Perhaps not an exciting menu to some, but I guarantee the plates will be cleared.

Hazel


----------



## runner (Dec 8, 2009)

Einstein said:


> Ok. Johns wins with me  - skip the turkey, stuffing, 'pigs in blankets (???? WHAT is that?!)'    *Haven't you seen Northe's latest avatar? (Alternatively, chipolatas or thin sausages wrapped in streaky bacon)* and the puds - add a steak or corn reared chicken instead.
> 
> It was the mushy peas that did it!
> 
> ...



Einstein, you old bah humbug and tease


----------



## runner (Dec 8, 2009)

Hazel said:


> Well, there is just Dad and I (the total family) so I will cook what we like
> 
> I LOVE Christmas pudding and Christmas cake, but we decided against having it, as it would be too much for me - cos I would really make a pig of myself.
> 
> ...


Hazel, I cooked a mini cake (in an old tuna fish tin (well washed of course!) for someone once - just enough for 2.  Leftover Christmas pud is great broken into pieces and stirred into soft ice-cream and then re-frozen - a particular favourite of the family, after christmas - even those who don't like Christmas pud!


----------



## Hazel (Dec 8, 2009)

Thanks Runner - I may give that a thought, sounds OK

Being single, as are thousands of others - food shopping at Christmas is a nightmare, as everything is geared for a large family get together, with huge amounts on sale.

My thoughts go out again this year, to all who will be celebrating Christmas on their own, perhaps for the first time, say after the death of a loved one.

Hazel


----------



## runner (Dec 8, 2009)

Hazel said:


> Thanks Runner - I may give that a thought, sounds OK
> 
> Being single, as are thousands of others - food shopping at Christmas is a nightmare, as everything is geared for a large family get together, with huge amounts on sale.
> 
> ...



Hazel - thought I'd start a new thread - what does Christmas mean to you? in light of your last comment.


----------



## Einstein (Dec 8, 2009)

runner said:


> Einstein, you old bah humbug and tease


 
Oooooh that's why they don't sound good to me.
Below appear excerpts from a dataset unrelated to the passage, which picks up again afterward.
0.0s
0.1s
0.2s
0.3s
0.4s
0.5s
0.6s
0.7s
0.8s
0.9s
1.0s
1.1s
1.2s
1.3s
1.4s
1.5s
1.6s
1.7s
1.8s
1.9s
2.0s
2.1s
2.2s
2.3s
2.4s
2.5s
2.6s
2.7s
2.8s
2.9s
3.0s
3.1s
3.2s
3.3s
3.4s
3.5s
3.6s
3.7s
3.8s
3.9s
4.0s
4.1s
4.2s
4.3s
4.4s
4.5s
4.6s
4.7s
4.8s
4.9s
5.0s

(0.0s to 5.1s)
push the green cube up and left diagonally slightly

Don't do this pork/shellfish thing and going to church on Sundays, well, it's a day late .

Re Northerners avatar, I thought he'd just gone back to remembering Pinky and Perky 

This time of year amuses me with the rituals, sorry traditions everyone wheels out. Still if everyone enjoys themselves, that's good.


----------



## runner (Dec 8, 2009)

Ha ha - I think you're right - he's about the right age to remember Pinky and Perky!
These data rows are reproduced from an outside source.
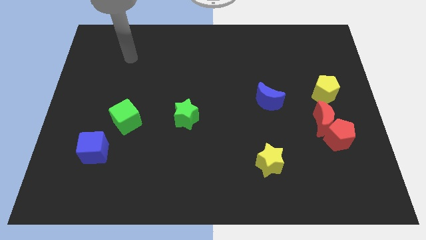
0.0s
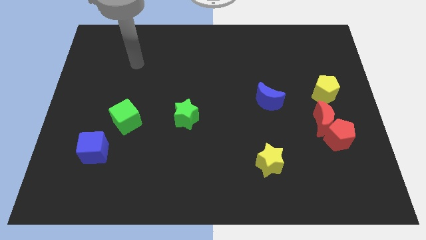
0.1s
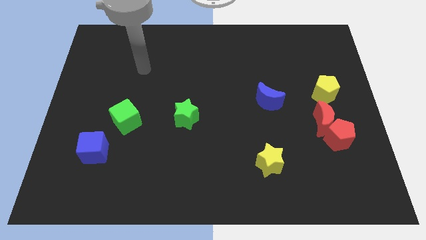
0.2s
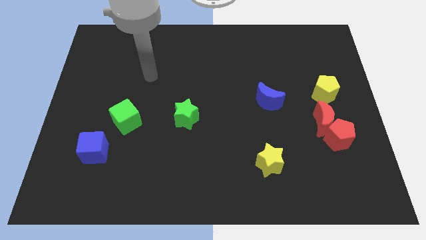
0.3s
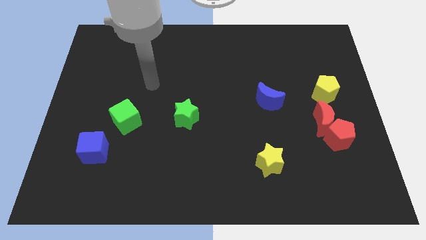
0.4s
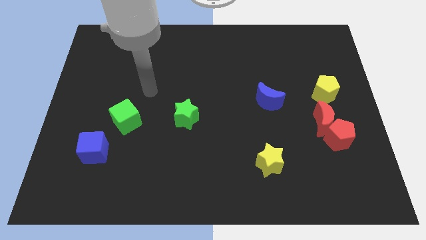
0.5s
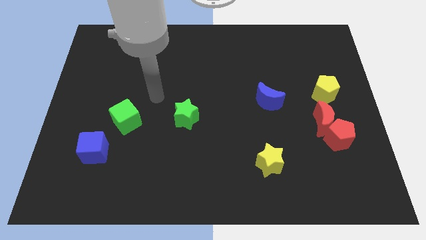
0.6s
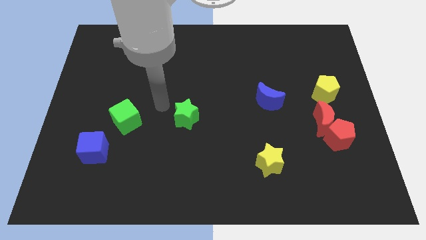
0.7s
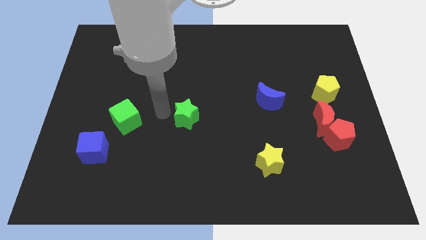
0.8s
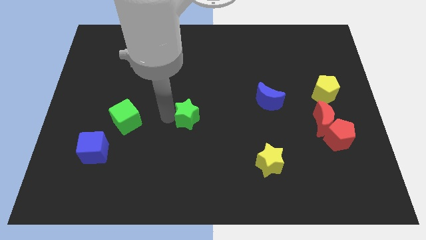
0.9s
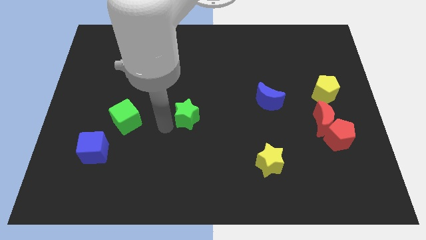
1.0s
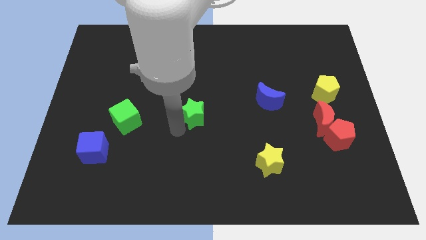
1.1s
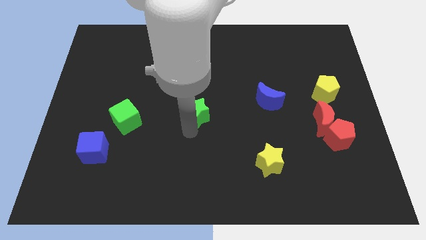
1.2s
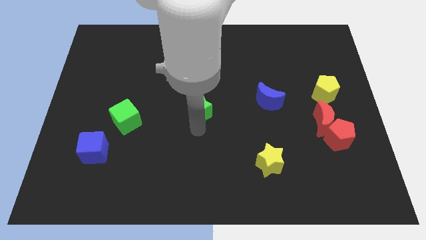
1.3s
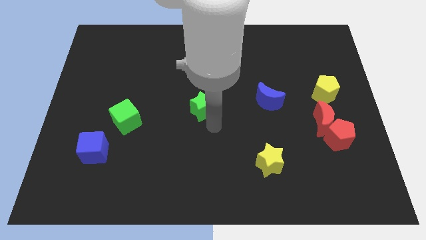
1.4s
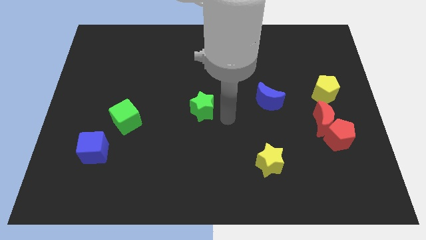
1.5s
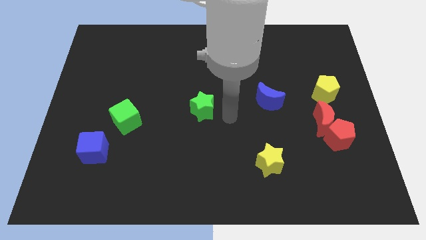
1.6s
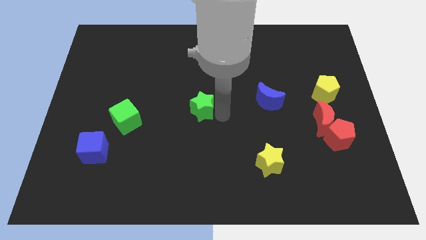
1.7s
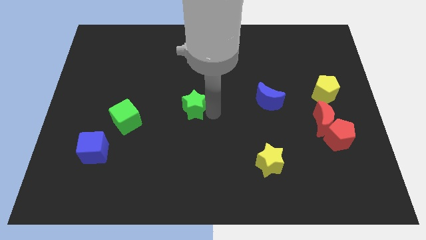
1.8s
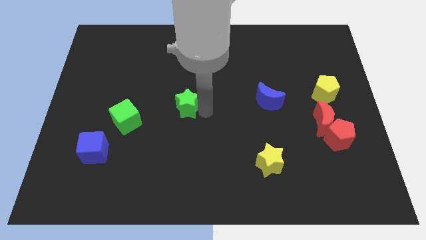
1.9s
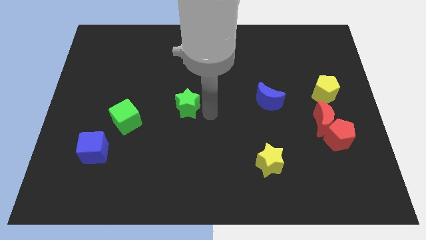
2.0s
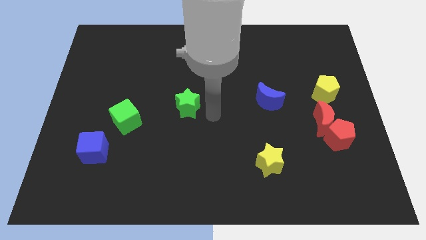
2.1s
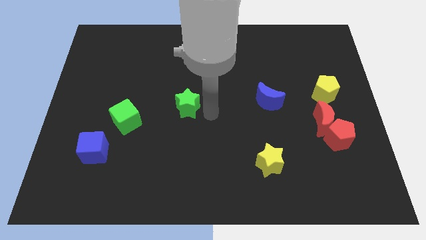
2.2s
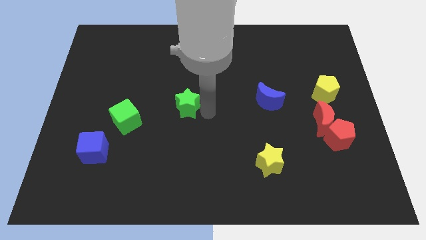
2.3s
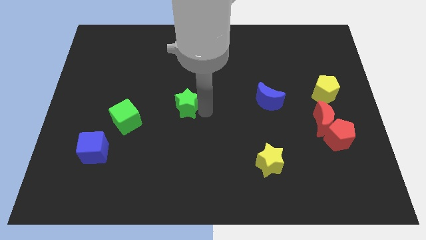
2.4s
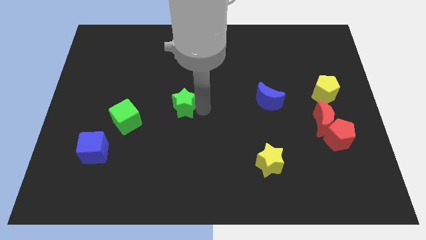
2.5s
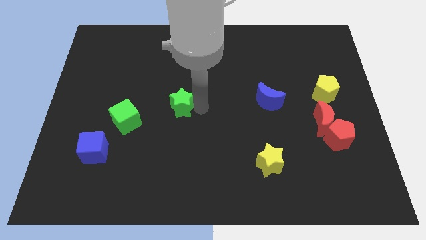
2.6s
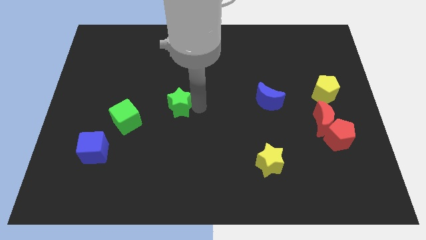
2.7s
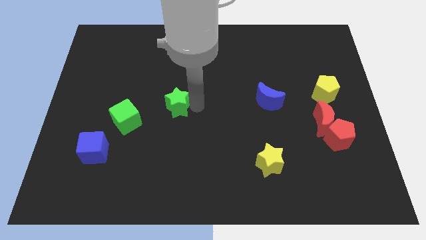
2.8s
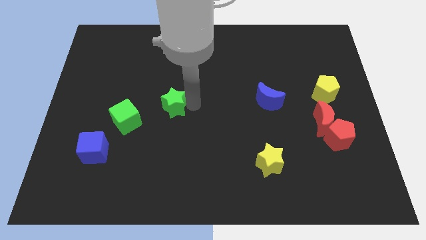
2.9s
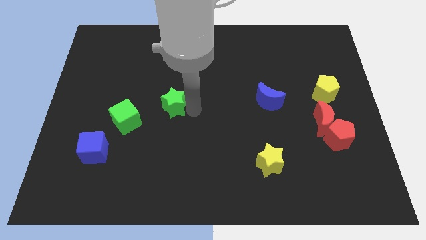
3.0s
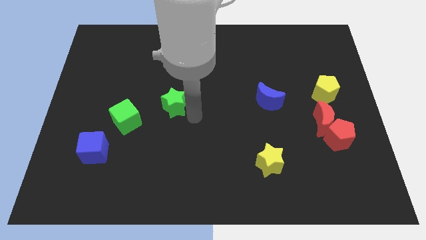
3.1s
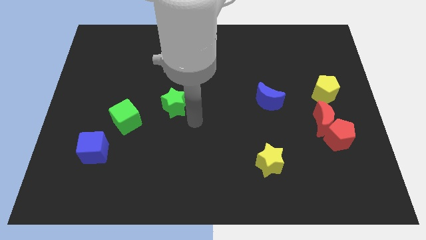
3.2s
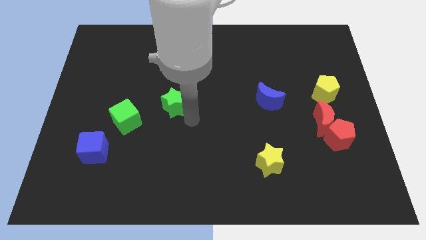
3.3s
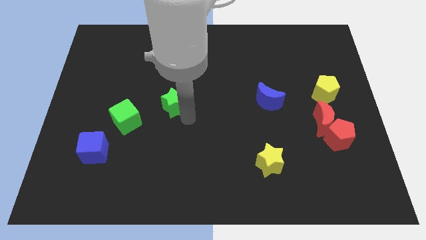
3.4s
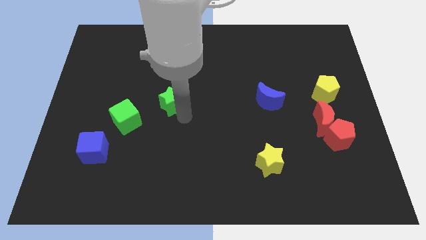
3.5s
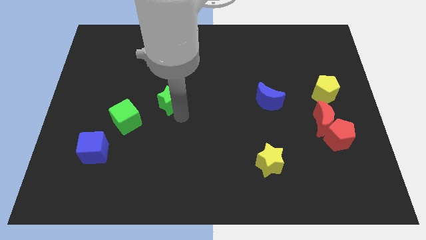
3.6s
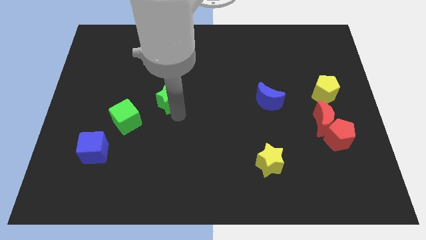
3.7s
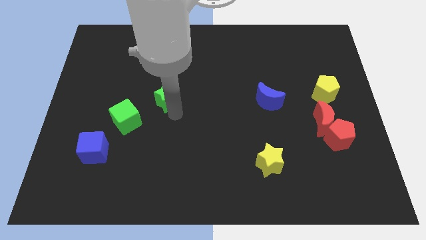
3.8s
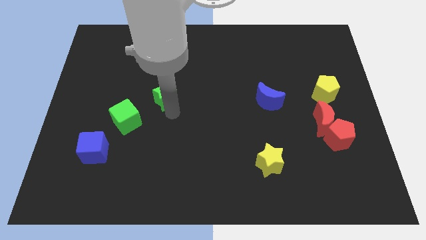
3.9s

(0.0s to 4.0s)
slide the green star somewhat up and to the left diagonally

It must be strange to have all this going on around you without it having any significance....


----------



## Steff (Dec 8, 2009)

Einstein said:


> 'pigs in blankets (???? WHAT is that?!)'
> 
> its mini sausages wrapped in bacon


----------



## PhilT (Dec 8, 2009)

We usually have our dinner between 1pm-2pm. We normally have chicken with roast and mashed potatos, peas, parsnips, parsley & thyme stuffing, brussel sprouts and chipolatas.
Washed down with a glass of wine.

For afters we have mince pies and custard if we have room for it!


----------



## rossi_mac (Dec 8, 2009)

I can't remember what we "usually" do! At me ma's we eat when it's ready once we're all peed! Outlaws less rucas (sp?) Going to SIL so we'll eat food on a plate when it's ready I have no idea! If I can help out I will, but generaly I'll keep out of the kitchen unless my glass is empty! I'll properly get into crimbo mood when we get in the car christmas eve!! Woop Woo Woo woO


----------



## Einstein (Dec 8, 2009)

runner said:


> Ha ha - I think you're right - he's about the right age to remember Pinky and Perky!
> 
> It must be strange to have all this going on around you without it having any significance....


 
It's worrying, I remember Pinky and Perky 

I find it most amusing watching the blind panic in people at this time of year, the shops close for one, perhaps two days, why do people buy as though they are stocking up for a nuclear war?? And with things to eat that no-one I knows eats. Better off buying a couple of tins of chum, at least you could make a pie for someone you don't really like 

Hey ho!


----------



## am64 (Dec 8, 2009)

Einstein said:


> It's worrying, I remember Pinky and Perky
> 
> I find it most amusing watching the blind panic in people at this time of year, the shops close for one, perhaps two days, why do people buy as though they are stocking up for a nuclear war?? And with things to eat that no-one I knows eats. Better off buying a couple of tins of chum, at least you could make a pie for someone you don't really like
> 
> Hey ho!



im with you on this one einstein...and escaping to a little cabin on the estary in deepest wetest wales...i know i keep repeating myself but its what is keeping me going aat the mo!


----------



## AlisonM (Dec 8, 2009)

Einstein said:


> It's worrying, I remember Pinky and Perky
> 
> I find it most amusing watching the blind panic in people at this time of year, the shops close for one, perhaps two days, why do people buy as though they are stocking up for a nuclear war?? And with things to eat that no-one I knows eats. Better off buying a couple of tins of chum, at least you could make a pie for someone you don't really like
> 
> Hey ho!



Indeed, why do they do that? We do stock up, but on 'treats' that we will definitely eat, drink, make merry with and the stuff I need to make next year's Christmas pud*.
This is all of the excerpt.